▸ RECORDS FOR THIS TASK
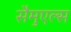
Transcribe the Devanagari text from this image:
सैमुएल्स
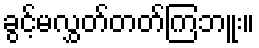
ခွင့်မလွှတ်တတ်ကြဘူး။
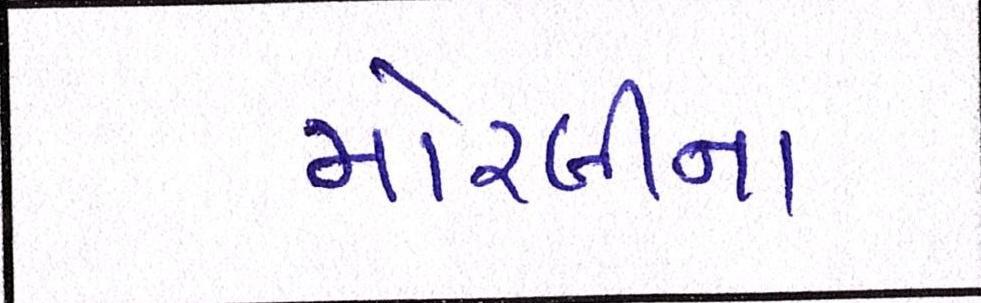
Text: મોરબીના
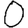
Digit: 0
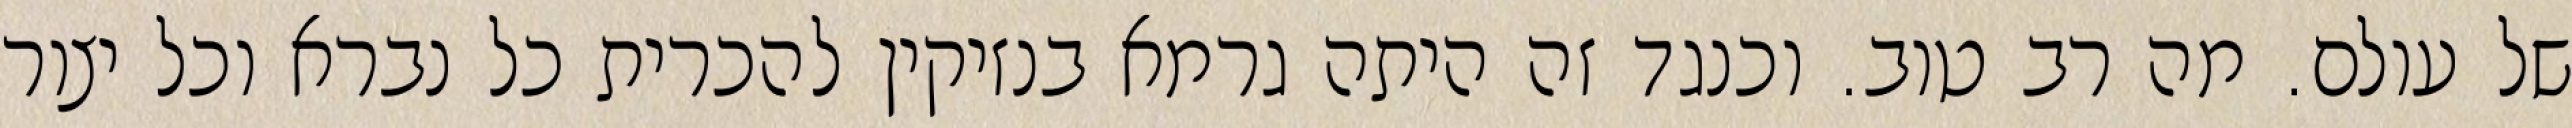
של עולם. מה רב טוב. וכנגד זה היתה גרמא בנזיקין להכרית כל נברא וכל יצור
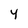
Character: Y
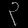
Digit: ၃
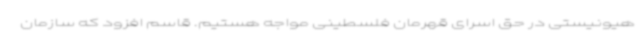
هیونیستی در حق اسرای قهرمان فلسطینی مواجه هستیم. قاسم افزود که سازمان
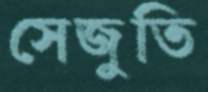
সেজুতি
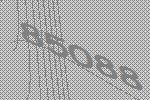
85088
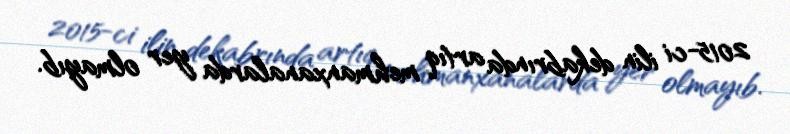
2015-ci ilin dekabrında artıq mehmanxanalarda yer olmayıb.
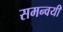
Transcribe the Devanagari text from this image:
समन्वयी

▸ WHAT THE EXERCISE ASKS
Copy the material above in full and exactly, skipping pictures.

▸ EXPECTED ANSWER
Transcribe the Devanagari text from this image:
सैमुएल्स
ခွင့်မလွှတ်တတ်ကြဘူး။
Text: મોરબીના
Digit: 0
של עולם. מה רב טוב. וכנגד זה היתה גרמא בנזיקין להכרית כל נברא וכל יצור
Character: Y
Digit: ၃
هیونیستی در حق اسرای قهرمان فلسطینی مواجه هستیم. قاسم افزود که سازمان
সেজুতি
85088
2015-ci ilin dekabrında artıq mehmanxanalarda yer olmayıb.
Transcribe the Devanagari text from this image:
समन्वयी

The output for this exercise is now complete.